Wednesday, April 2, 2014

Is Competition Required for Innovation?

Is competition required for innovation?

Much of our readings focus on competition. The hallowed "five forces" speak to competition within an industry, bargaining power of suppliers or customers, the threat of new entrants, and the threat of substitutes, and the way in which these interact tell us about strategy and firm outcomes. But this got me to thinking: how does competition effect innovation? 

The Cola Wars Continue case attributes competition to more innovation between firms: new varietals, better distribution, and new technology. Competition in the leather and fashion industry in Florence (specifically, something Porter calls the "Competitive advantage") has been attributed to the expertise and wealth in the industry. The intense competition, in part driven by location, as well as the ability to share inputs (such as skilled labor) and the rise of supporting industries (industries that provide parts/direct production inputs), makes this the best place to buy leather in the world. 

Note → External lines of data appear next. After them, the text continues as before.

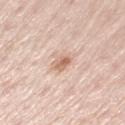lesion diameter=≈2.5 mm
image-analysis metrics=a border-irregularity rating of about 2/10 and radial color variation of about 1.5; a nevus-likeness score of about 35/100 and a detector confidence of about 100 out of 100 that the crop contains a lesion
image=~15 mm crop, total-body skin-cancer survey
patient=female, aged approximately 50
location=the left upper arm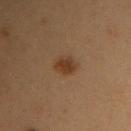Impression: The lesion was photographed on a routine skin check and not biopsied; there is no pathology result. Background: The subject is a female in their 40s. The tile uses cross-polarized illumination. The recorded lesion diameter is about 3 mm. A lesion tile, about 15 mm wide, cut from a 3D total-body photograph. The lesion is located on the arm.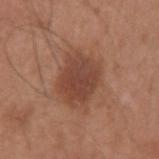Assessment:
No biopsy was performed on this lesion — it was imaged during a full skin examination and was not determined to be concerning.
Clinical summary:
A male subject aged around 35. A close-up tile cropped from a whole-body skin photograph, about 15 mm across. From the left upper arm.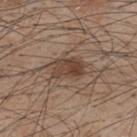Part of a total-body skin-imaging series; this lesion was reviewed on a skin check and was not flagged for biopsy.
The patient is a male approximately 45 years of age.
Located on the upper back.
Captured under white-light illumination.
Longest diameter approximately 4.5 mm.
A lesion tile, about 15 mm wide, cut from a 3D total-body photograph.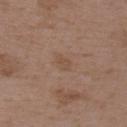Assessment: Captured during whole-body skin photography for melanoma surveillance; the lesion was not biopsied. Acquisition and patient details: A female subject, about 35 years old. A 15 mm close-up tile from a total-body photography series done for melanoma screening. The lesion is on the upper back.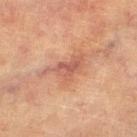{
  "biopsy_status": "not biopsied; imaged during a skin examination",
  "image": {
    "source": "total-body photography crop",
    "field_of_view_mm": 15
  },
  "lesion_size": {
    "long_diameter_mm_approx": 5.5
  },
  "patient": {
    "sex": "female",
    "age_approx": 80
  },
  "automated_metrics": {
    "area_mm2_approx": 8.0,
    "eccentricity": 0.85,
    "shape_asymmetry": 0.5,
    "vs_skin_darker_L": 9.0,
    "vs_skin_contrast_norm": 6.5
  },
  "site": "left lower leg",
  "lighting": "cross-polarized"
}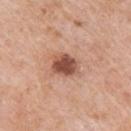{"biopsy_status": "not biopsied; imaged during a skin examination", "patient": {"sex": "male", "age_approx": 65}, "image": {"source": "total-body photography crop", "field_of_view_mm": 15}, "site": "arm"}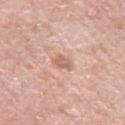Imaged during a routine full-body skin examination; the lesion was not biopsied and no histopathology is available. The recorded lesion diameter is about 2.5 mm. Automated tile analysis of the lesion measured a lesion area of about 4 mm² and a shape eccentricity near 0.8. It also reported a mean CIELAB color near L≈63 a*≈23 b*≈30, roughly 10 lightness units darker than nearby skin, and a normalized lesion–skin contrast near 6.5. The patient is a female about 65 years old. Imaged with white-light lighting. Located on the left upper arm. A roughly 15 mm field-of-view crop from a total-body skin photograph.

We also see competition in vision and mission statements regularly: "Beat Coke" or Barnes and Noble's "Our mission is to operate the best specialty retail business in America, regardless of the product we sell.Marketing campaigns directly speak to competition. Coke began acknowledging competition in the 1950s. With the exception of the initial McConnell campaign video that inspired #McConnelling, almost all political campaign ads address the competitor, either directly or indirectly. 

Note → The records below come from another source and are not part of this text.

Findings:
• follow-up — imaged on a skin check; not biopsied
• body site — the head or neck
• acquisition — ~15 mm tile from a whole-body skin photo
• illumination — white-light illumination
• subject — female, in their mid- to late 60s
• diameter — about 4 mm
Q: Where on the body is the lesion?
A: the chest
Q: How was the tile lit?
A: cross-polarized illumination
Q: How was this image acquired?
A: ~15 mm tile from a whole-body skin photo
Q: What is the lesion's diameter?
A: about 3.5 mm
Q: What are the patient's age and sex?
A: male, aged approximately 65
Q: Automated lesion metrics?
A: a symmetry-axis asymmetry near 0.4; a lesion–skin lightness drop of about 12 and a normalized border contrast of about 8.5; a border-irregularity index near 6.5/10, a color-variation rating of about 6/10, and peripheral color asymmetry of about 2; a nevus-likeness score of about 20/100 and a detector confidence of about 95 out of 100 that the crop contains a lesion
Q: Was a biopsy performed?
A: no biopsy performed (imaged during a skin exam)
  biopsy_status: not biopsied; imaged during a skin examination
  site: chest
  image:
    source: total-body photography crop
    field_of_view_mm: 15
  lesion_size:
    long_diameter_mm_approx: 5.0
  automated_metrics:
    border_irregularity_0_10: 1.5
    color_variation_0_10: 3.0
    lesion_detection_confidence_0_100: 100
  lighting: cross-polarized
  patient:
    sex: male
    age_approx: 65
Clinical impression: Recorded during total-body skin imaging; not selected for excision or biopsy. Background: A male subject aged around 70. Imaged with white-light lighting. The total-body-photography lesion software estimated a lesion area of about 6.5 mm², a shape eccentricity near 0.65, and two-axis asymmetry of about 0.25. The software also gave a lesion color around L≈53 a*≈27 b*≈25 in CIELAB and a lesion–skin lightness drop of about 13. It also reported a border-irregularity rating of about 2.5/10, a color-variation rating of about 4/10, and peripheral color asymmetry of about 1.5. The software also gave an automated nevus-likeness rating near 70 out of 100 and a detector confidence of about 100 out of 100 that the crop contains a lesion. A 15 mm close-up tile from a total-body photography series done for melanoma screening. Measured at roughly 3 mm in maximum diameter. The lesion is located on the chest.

However, let's think of real innovations: refrigeration. Penicilin. Electricity. These have transformed the world. However, to what extent can we really attribute any of these innovations to compeetition? For electricity, perhaps the dispersion of electricity and its proliferation could be seen as due to competition: what company could 'win' in terms of providing the best service, the best infrastructure in specific cities, etc. But the innovation itself? 

Perhaps then, innovation is not a function of competition, in and of itself. Perhaps innovation is driven by true human/customer need. But once that service or device or invention has been made to fill that need, the way in which it is proliferated is subject to competition. Afterward, that competition can drive innovation, both in strategy and execution.

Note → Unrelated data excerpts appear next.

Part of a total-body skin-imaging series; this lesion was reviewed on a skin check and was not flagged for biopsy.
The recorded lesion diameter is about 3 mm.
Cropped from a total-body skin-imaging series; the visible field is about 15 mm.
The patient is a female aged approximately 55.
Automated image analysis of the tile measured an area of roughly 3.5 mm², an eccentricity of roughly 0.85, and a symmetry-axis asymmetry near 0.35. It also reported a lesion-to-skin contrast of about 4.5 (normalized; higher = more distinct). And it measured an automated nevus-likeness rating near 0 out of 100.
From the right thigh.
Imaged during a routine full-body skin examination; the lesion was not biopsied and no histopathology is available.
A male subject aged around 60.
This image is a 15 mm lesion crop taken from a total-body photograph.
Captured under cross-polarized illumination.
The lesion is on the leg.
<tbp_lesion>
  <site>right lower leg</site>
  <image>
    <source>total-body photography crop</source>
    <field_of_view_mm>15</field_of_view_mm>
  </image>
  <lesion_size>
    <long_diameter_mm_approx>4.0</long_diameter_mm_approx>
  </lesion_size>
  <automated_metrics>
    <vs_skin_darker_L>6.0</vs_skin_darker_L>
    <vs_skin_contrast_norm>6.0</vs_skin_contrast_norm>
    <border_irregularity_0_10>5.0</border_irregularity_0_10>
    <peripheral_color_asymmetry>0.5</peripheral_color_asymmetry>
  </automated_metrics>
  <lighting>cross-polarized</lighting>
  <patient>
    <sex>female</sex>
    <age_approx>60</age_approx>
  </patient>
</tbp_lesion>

So maybe the question we should be asking ourselves is what does innovation mean? And what is the scope of innovation that competition can effect?

Main Sources (others linked):

Porter, M. E. (2008). The five competitive forces that shape strategy. Boston, MA: Harvard Business School Publishing.

Porter, M. (1998, December 1). Clusters and the New Economics of Competition.RMISP. Retrieved April 2, 2014, from

Yoffie, D. B., & Wang, Y. (2010). Cola Wars continue: Coke and Pepsi in 2010. Boston, MA: Harvard Business School Pub.